Ratio of Intrinsic Metric to Extrinsic Metric and Volume
Berk Ceylan
TL;DR
The paper defines the intrinsic-extrinsic distortion ratio $K$ for spaces embedded in a unit ball and seeks lower bounds on the maximal distortion $K_{\max}$ from area/volume information. A packing-number framework yields quantitative lower bounds on $K_{\max}$ under volume constraints, and the authors show these bounds can blow up as the allowed granularity $\delta$ shrinks. However, they also present counterexamples of spaces with bounded distortion yet arbitrarily large area, highlighting the necessity of extra structure.
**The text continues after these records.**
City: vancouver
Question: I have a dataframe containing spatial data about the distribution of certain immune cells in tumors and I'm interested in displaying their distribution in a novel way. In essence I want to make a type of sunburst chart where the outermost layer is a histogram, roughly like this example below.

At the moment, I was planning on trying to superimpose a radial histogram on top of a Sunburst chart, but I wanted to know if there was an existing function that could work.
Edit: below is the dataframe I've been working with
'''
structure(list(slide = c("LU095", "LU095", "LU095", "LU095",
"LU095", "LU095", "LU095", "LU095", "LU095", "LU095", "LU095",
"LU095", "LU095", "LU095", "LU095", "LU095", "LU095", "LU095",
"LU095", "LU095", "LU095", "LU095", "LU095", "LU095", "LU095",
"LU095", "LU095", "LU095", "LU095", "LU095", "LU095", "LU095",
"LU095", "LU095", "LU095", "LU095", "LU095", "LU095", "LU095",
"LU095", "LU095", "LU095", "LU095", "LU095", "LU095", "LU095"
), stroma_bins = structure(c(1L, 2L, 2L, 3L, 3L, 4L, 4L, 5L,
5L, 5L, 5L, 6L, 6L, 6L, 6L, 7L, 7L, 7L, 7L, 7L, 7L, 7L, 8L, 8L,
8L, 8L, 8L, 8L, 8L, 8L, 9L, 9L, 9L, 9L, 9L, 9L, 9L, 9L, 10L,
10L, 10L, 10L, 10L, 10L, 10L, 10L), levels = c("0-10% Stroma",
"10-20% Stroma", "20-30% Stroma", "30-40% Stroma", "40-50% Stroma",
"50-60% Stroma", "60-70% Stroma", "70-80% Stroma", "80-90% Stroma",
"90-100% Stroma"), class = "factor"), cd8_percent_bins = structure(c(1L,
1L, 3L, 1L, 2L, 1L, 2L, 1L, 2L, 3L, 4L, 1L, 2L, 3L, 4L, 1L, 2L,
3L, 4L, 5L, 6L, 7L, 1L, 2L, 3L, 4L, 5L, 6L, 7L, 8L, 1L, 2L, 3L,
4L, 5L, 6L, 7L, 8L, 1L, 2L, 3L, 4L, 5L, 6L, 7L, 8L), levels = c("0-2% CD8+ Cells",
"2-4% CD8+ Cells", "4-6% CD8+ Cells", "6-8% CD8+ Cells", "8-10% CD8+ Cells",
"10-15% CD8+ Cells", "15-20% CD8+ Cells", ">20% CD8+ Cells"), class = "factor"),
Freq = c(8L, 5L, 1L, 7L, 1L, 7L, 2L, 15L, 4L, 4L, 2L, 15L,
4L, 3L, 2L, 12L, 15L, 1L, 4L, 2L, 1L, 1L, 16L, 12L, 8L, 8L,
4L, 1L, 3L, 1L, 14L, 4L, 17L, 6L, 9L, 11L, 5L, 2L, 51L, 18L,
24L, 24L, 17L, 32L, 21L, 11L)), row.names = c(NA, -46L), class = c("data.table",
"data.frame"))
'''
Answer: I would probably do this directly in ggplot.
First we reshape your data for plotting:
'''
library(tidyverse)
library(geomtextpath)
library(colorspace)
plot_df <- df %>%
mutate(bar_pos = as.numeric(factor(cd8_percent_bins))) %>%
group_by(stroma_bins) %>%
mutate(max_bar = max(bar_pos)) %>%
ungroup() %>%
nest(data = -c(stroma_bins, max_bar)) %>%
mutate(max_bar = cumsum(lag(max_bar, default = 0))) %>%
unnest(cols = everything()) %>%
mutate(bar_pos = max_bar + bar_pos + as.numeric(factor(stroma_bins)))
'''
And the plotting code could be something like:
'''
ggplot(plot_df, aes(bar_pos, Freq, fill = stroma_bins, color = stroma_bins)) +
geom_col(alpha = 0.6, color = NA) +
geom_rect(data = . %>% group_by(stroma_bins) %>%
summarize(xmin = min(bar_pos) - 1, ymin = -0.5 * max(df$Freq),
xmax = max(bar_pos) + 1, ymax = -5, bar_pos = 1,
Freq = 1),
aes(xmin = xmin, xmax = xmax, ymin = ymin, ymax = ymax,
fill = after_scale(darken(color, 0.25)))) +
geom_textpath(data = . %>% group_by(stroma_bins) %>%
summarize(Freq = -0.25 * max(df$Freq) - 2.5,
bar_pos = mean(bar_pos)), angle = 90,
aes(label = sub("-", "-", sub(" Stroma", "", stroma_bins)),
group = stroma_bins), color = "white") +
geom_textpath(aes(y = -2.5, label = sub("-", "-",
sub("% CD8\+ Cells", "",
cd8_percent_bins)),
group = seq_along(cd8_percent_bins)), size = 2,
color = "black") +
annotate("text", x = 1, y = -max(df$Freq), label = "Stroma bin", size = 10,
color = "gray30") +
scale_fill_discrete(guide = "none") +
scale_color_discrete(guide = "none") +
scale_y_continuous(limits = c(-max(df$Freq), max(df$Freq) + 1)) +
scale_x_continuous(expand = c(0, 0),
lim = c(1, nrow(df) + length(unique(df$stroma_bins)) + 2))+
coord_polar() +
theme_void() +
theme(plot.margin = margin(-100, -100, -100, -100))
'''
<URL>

To salvage area-to-distortion control, they introduce triangular (and $R$-triangular) spaces, proving that sufficiently large area forces distortion $K\ge R/\delta$ in these settings, and discuss counting of large-distortion geodesic pairs via improved packing arguments. The results illuminate when intrinsic metrics constrain extrinsic distortion and when such bounds fail in general, guiding how to impose robust geometric hypotheses.
Abstract
We study the relationship between the ratio of intrinsic to extrinsic metrics and area. For certain surfaces inside unit ball in R3 we give lower bound on the maximum of ratio in terms of its area. We also give examples to show non-existence of global lower bounds.